I’m curious about the phrase “forming a government.”

Vicki–this is quite a complicated subject and I’m not up on all the ins and outs, so I’ll give a brief explanation and if that’s not sufficient, I recommend checking out that Jupp book on governance. The Age of Lord Liverpool also deals with this extensively.

Essentially, there is an expectation in the UK (unlike in the US) that the legislative branch will actually be able to pass legislation (at least in the Commons–obviously, the Lords are not elected so that complicates things). So the Prime Minister and his cabinet need to have the reliable support of the majority of the House of Commons. As I mentioned, in the UK “the government” typically refers to what we in the US would call “the current administration”.

If the government attempts to pass major legislation (especially legislation involving “supply”, meaning funding) and it is voted down, this could be enough for the PM to resign and call for a new general election (although usually there is a bit of wiggle room first). During the Regency, the Whigs were constantly trying to scrape together enough votes to defeat a big government bill. If they could follow this with a vote of no confidence (https://en.wikipedia.org/wiki/Motion_of_no_confidence), they could bring down the government, hoping that a new general election would bring them to power.

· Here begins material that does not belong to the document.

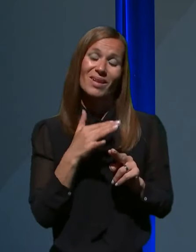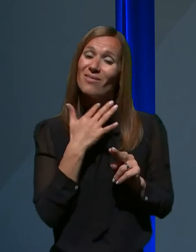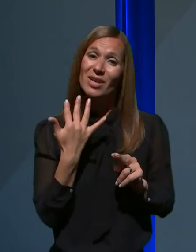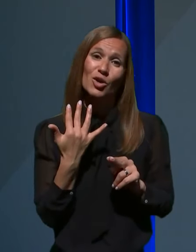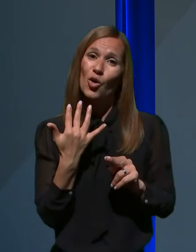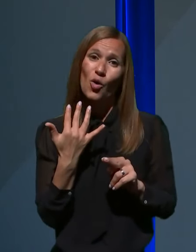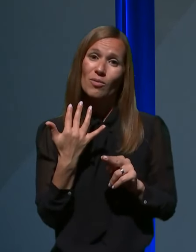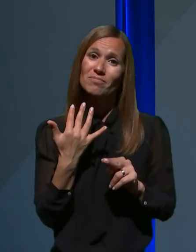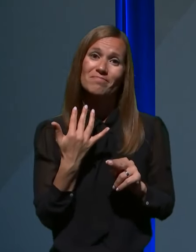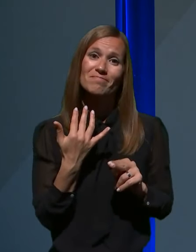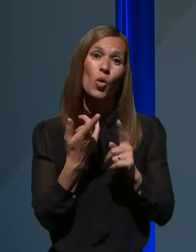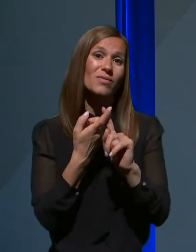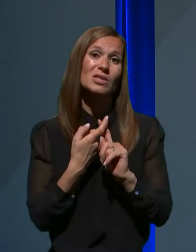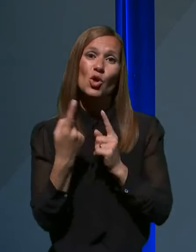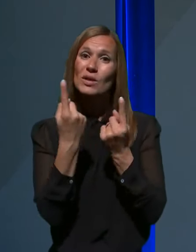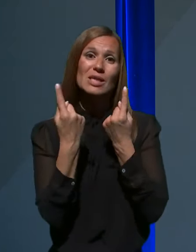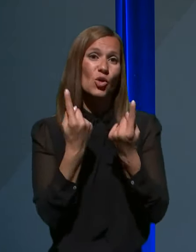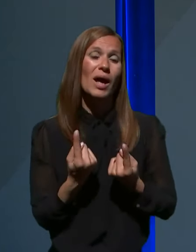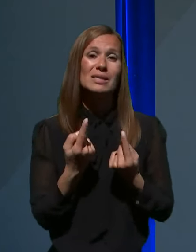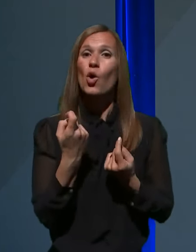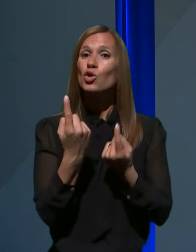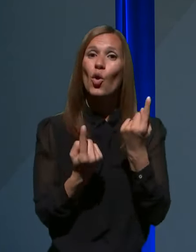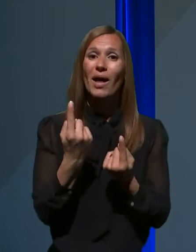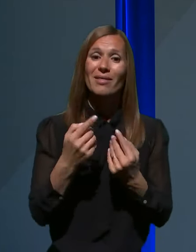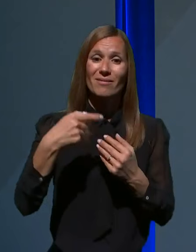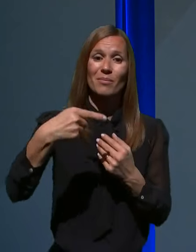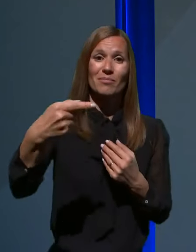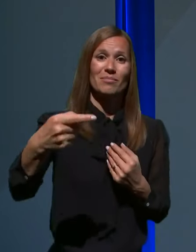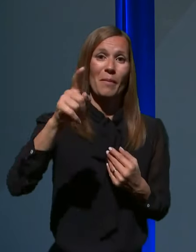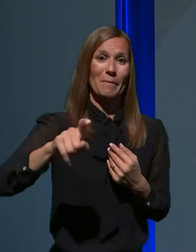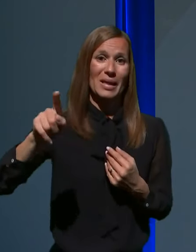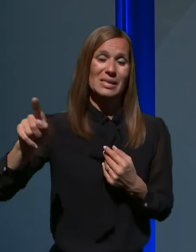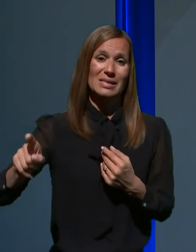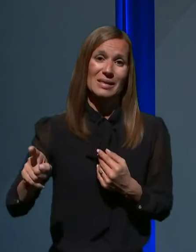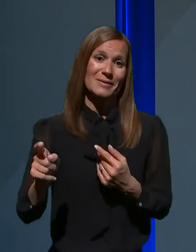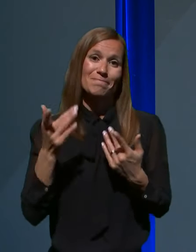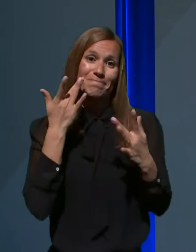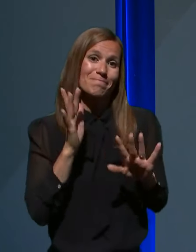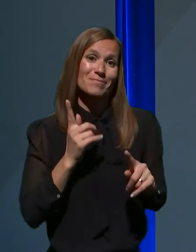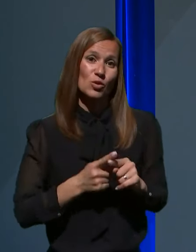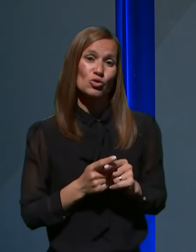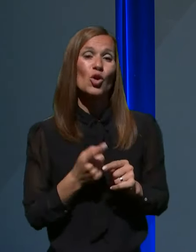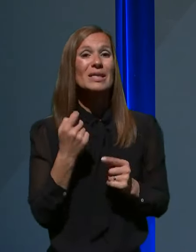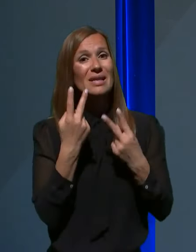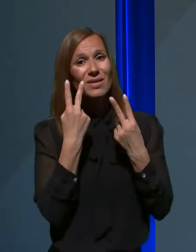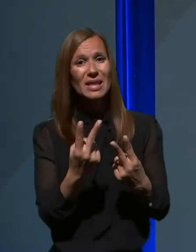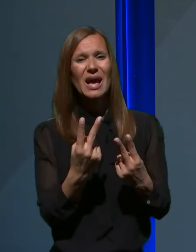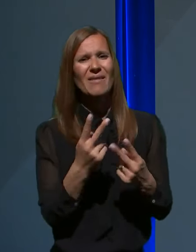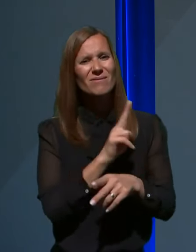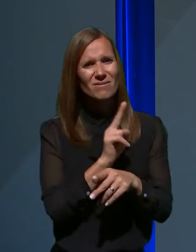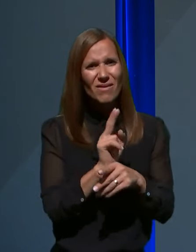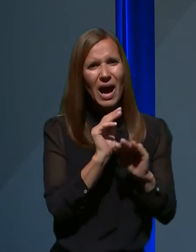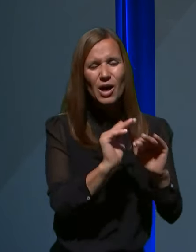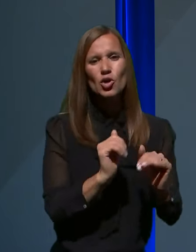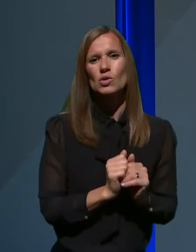oziroma od dogajanja v prihodnih mesecih. Sigurno je z vidika varnosti in glede na to, da mi v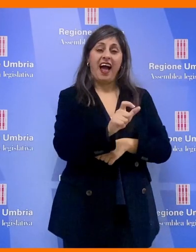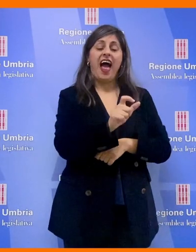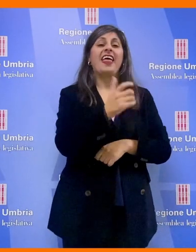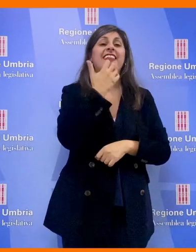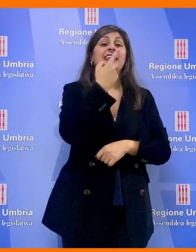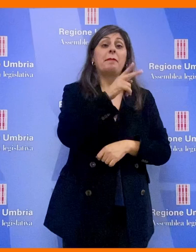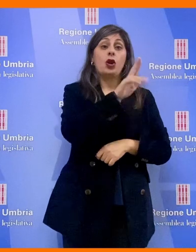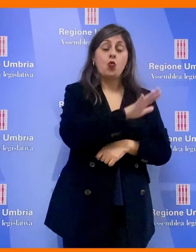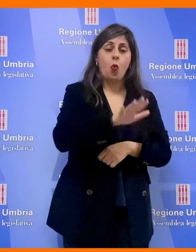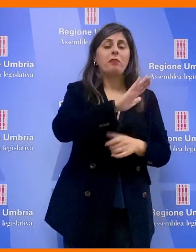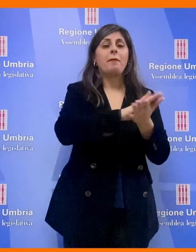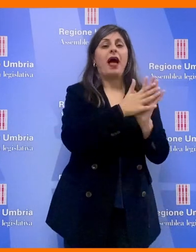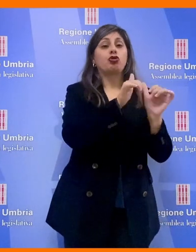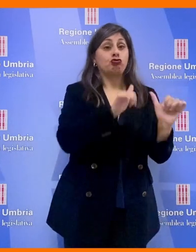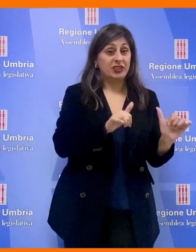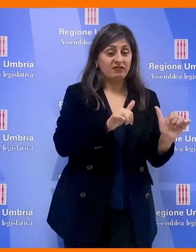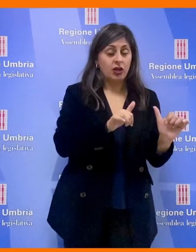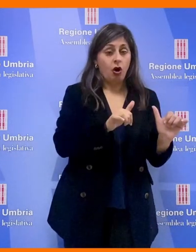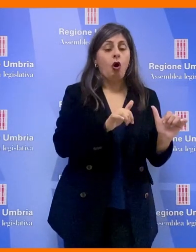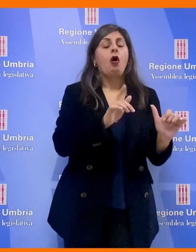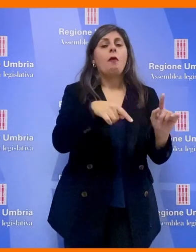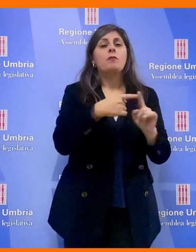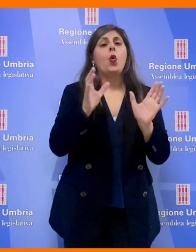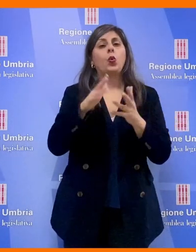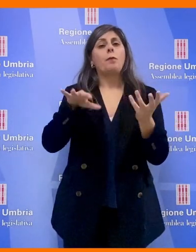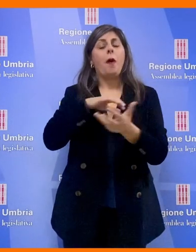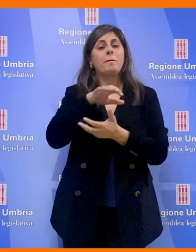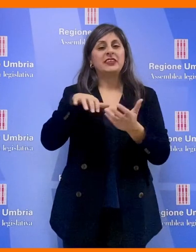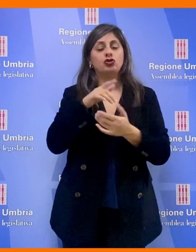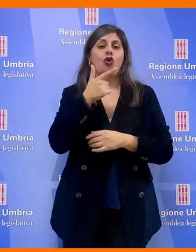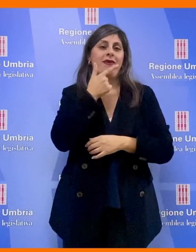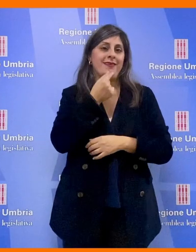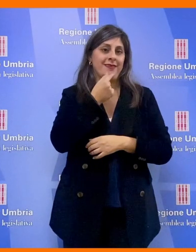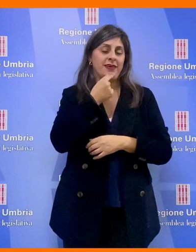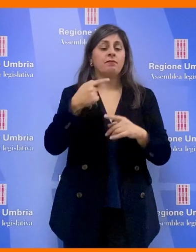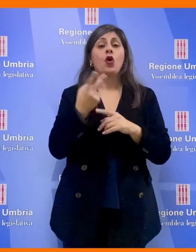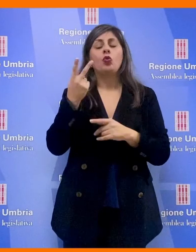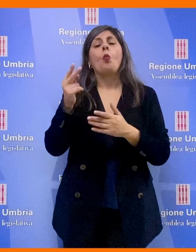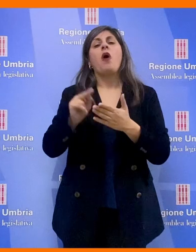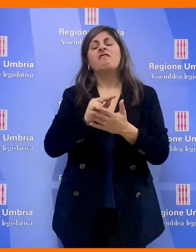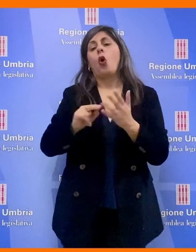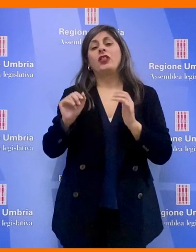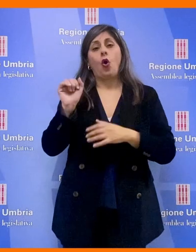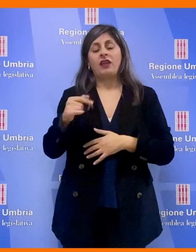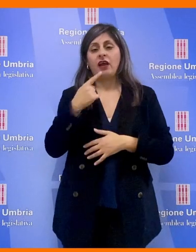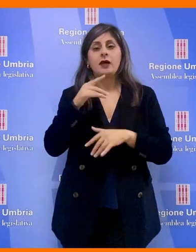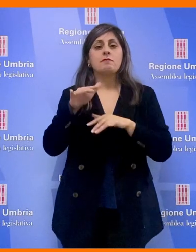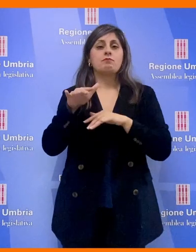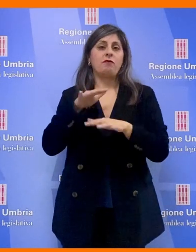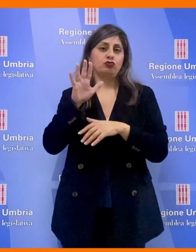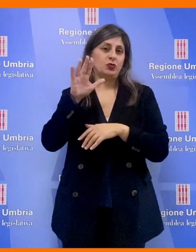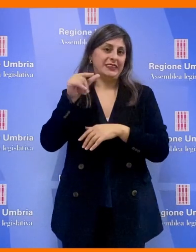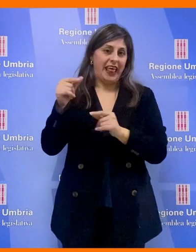per l'Umbria, Patto Civico e per il gruppo misto Daniele Nicchi, due voti contrari quelli di Movimento 5

In the Regency, the Prime Minister was typically chosen by the King. Because political affiliations were loose, he then had to form a cabinet of ministers who had the loyalty of various factions and voting blocs in both the Lords and the Commons, enough so that between them they could command a majority in the Commons (and hopefully in both Houses). He also had to make sure the individuals involved could (and would) be able to work together and that he offered the positions in a way that didn’t damage anyone’s ego. For example, if politician A felt he deserved a more prestigious cabinet position than politician B, and had been offered a less prestigious one, A might refuse to join the cabinet (especially if A and B didn’t really like each other). Sometimes politicians hated each other so much they refused to work together at all (peacemaking between Canning and Castlereagh was a constant problem for Lord Liverpool in forming his cabinets, because both men were competent and brought a lot of votes with them, but even though they were both friends with Liverpool, they hated each other). All this made the process of forming a government very delicate and complex.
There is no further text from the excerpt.